T.S. Eliot, poet and literary critic, confesses: “My writings, in prose and verse, may or may not have surprised other people; but I know that they always, on first sight, surprise myself. I have often found that my most interesting or original ideas, when put into words and marshalled in final order, were ideas which I had not been aware of holding.” “A writer doesn’t know what his intentions are until he’s done writing,” says poet, Robert Penn Warren; more, even when the writing is done, poets “are apt to discover that what they decide to express is not everything their poems say,” adds Anne Stevenson, the poet.
“How can I know what I think till I see what I say?” asks a character of novelist, E.M. Forster. “Therefore, till my work is finished, I never know exactly what result I shall reach, or if I shall arrive at any,” write Alex de Tocqueville to John Stuart Mill.

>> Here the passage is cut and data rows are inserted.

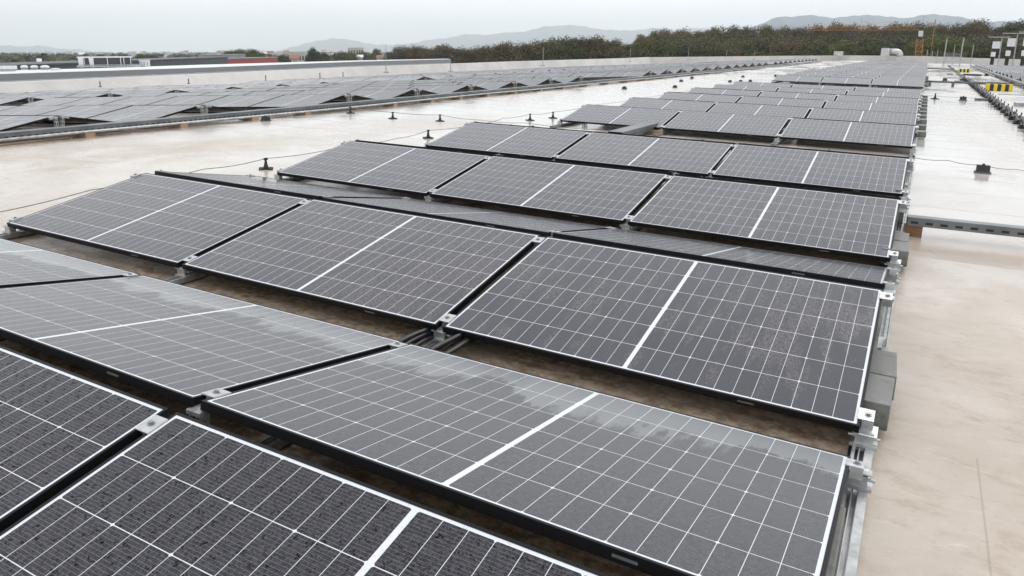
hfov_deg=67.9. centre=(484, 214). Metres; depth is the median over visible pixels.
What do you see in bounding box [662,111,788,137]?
solar panel
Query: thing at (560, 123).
mounting rail
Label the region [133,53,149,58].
tree
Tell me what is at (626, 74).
solar panel
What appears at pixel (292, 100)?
solar panel
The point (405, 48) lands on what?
tree
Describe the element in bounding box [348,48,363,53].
apartment block
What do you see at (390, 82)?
solar panel
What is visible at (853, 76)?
solar panel
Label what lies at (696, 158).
solar panel
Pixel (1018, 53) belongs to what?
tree
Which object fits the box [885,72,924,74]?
solar panel
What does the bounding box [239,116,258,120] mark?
timber block
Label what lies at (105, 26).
sky
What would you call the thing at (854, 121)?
solar panel
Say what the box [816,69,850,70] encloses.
solar panel
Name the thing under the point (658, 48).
tree
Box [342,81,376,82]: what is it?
solar panel
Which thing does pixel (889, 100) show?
solar panel
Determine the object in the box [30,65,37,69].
roof tank
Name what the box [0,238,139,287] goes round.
solar panel
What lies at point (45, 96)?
solar panel
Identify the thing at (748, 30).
tree
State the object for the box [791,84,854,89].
solar panel
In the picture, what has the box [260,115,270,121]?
wire holder
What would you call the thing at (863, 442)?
mounting rail
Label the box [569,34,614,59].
tree
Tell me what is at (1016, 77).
solar panel
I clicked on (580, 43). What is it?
tree
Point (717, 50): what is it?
tree
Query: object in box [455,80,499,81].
solar panel
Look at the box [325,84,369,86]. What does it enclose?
solar panel
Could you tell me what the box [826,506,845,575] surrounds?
metal rail
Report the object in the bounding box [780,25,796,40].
tree
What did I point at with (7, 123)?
solar panel
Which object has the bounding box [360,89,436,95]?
solar panel
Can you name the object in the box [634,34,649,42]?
tree
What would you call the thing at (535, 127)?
solar panel
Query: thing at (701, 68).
solar panel
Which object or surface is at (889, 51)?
roof duct
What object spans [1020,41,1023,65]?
inverter rack
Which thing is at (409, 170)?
solar panel
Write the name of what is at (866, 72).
solar panel
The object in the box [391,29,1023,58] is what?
forest
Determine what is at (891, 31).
tree
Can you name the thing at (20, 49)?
hills
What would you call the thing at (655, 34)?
tree
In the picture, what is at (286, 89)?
solar panel
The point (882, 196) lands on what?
solar panel
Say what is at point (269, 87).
solar panel
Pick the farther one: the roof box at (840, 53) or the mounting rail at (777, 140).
the roof box at (840, 53)
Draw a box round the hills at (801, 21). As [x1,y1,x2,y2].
[744,14,1017,32]
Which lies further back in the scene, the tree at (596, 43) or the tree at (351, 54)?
the tree at (351, 54)
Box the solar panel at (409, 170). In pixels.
[277,141,487,195]
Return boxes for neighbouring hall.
[0,59,450,81]
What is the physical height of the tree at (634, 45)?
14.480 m
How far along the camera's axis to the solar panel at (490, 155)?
7.97 m
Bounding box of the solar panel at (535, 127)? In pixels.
[474,122,592,132]
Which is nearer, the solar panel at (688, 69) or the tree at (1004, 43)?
the solar panel at (688, 69)
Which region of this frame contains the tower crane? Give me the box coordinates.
[809,16,935,55]
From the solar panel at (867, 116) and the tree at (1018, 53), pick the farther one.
the tree at (1018, 53)
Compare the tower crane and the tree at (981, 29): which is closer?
the tower crane
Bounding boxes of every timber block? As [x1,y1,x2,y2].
[72,132,95,137]
[167,123,188,127]
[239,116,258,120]
[293,111,310,114]
[646,129,665,135]
[903,223,922,237]
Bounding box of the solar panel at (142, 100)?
[103,96,175,104]
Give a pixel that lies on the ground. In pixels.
(274, 52)
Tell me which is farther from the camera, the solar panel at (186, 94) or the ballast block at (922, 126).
the solar panel at (186, 94)
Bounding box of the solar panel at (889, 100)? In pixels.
[835,95,918,104]
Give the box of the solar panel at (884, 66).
[869,66,896,67]
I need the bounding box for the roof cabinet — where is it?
[138,60,149,66]
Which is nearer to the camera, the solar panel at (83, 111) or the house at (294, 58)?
the solar panel at (83, 111)
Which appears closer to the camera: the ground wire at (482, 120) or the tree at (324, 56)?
the ground wire at (482, 120)
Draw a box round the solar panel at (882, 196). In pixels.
[675,174,900,198]
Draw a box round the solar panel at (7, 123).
[0,116,48,131]
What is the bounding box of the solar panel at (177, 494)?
[0,412,609,575]
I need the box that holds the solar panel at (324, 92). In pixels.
[292,90,354,94]
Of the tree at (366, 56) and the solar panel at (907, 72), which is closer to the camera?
the solar panel at (907, 72)
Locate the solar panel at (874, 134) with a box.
[779,118,914,148]
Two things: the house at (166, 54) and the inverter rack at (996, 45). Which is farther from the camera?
the house at (166, 54)
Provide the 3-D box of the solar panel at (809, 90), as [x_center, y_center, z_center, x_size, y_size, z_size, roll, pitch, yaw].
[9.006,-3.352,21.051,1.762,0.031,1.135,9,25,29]
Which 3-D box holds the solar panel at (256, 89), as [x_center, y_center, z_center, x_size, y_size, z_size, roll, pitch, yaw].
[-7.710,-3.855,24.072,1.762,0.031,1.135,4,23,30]
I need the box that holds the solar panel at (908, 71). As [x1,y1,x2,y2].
[890,70,925,73]
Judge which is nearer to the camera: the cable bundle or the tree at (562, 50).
the cable bundle
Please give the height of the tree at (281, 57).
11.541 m
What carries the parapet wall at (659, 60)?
on the roof deck
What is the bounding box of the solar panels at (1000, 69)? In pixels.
[8,58,1023,116]
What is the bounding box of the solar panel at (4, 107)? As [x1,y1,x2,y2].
[0,106,17,110]
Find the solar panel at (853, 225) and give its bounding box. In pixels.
[628,175,900,261]
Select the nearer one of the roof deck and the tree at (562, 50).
the roof deck
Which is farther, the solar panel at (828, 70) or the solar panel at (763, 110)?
the solar panel at (828, 70)
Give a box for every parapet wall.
[0,57,651,92]
[650,55,1020,64]
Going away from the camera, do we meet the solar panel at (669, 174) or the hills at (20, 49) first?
the solar panel at (669, 174)
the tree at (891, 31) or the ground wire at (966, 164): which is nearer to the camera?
the ground wire at (966, 164)
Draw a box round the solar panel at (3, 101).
[0,98,27,104]
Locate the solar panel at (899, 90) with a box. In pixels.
[855,87,921,93]
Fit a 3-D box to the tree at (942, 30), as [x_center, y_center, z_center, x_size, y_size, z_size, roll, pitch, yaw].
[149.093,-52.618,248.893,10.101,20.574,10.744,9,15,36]
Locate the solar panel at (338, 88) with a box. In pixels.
[313,87,362,89]
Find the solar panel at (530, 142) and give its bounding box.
[426,122,586,159]
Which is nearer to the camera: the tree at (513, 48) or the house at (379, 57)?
the tree at (513, 48)
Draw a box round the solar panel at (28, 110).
[0,105,72,114]
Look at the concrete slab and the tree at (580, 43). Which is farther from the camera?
the tree at (580, 43)
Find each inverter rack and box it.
[990,37,1009,64]
[1003,33,1023,64]
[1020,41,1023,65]
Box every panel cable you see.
[399,327,434,345]
[431,333,474,353]
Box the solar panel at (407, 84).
[365,83,413,86]
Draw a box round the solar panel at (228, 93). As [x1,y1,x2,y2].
[199,91,254,95]
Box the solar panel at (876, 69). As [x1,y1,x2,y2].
[859,68,891,69]
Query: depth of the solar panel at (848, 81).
30.05 m
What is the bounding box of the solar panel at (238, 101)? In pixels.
[199,95,282,107]
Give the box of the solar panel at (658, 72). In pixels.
[639,70,666,74]
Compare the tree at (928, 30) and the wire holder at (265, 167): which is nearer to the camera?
the wire holder at (265, 167)
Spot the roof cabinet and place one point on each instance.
(146, 63)
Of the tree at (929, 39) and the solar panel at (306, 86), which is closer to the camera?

“I do not know what I think until I have tried to write it,” adds political scientist Aaron Wildavsky. “I’m not sure I ever actually think without a pencil in my hand. Certainly I never wind up where I thought I would,” confesses Stacy Schiff, the biographer.
“You never know what you’re filming until later,” remarks a narrator in Chris Marker’s 1977 film Le Fond de l’Air est Rouge. “You start a painting and it becomes something altogether different. It’s strange how little the artist’s will matters,” adds Picasso (and any number of other artists). In like fashion, “one important reason for making drawings, I imagine, is not to draw a likeness of what one sees, but to find out what it is you see,” writes poet and art critic, James Schuyler.
Harrison Birtwistle describes his process of composing a piece of music: “I know what it is before I’ve even written it, but in other ways I don’t know at all. As I unravel it, it never turns out to be what you think it’s going to be”. “You write to find out what you believe, or what you can afford to believe,” according to psychoanalyst Adam Phillips. J.M. Coetzee, the Nobel novelist, manages to make all this sound commonplace: “Truth is something that comes in the process of writing, or comes from the process of writing”.
The above quotes–among the very many available–are intended to reinforce the theme that surprise is never immaterial for the artist, and it is the materiality of such surprise that I also take to be central to any progressive politics ahead.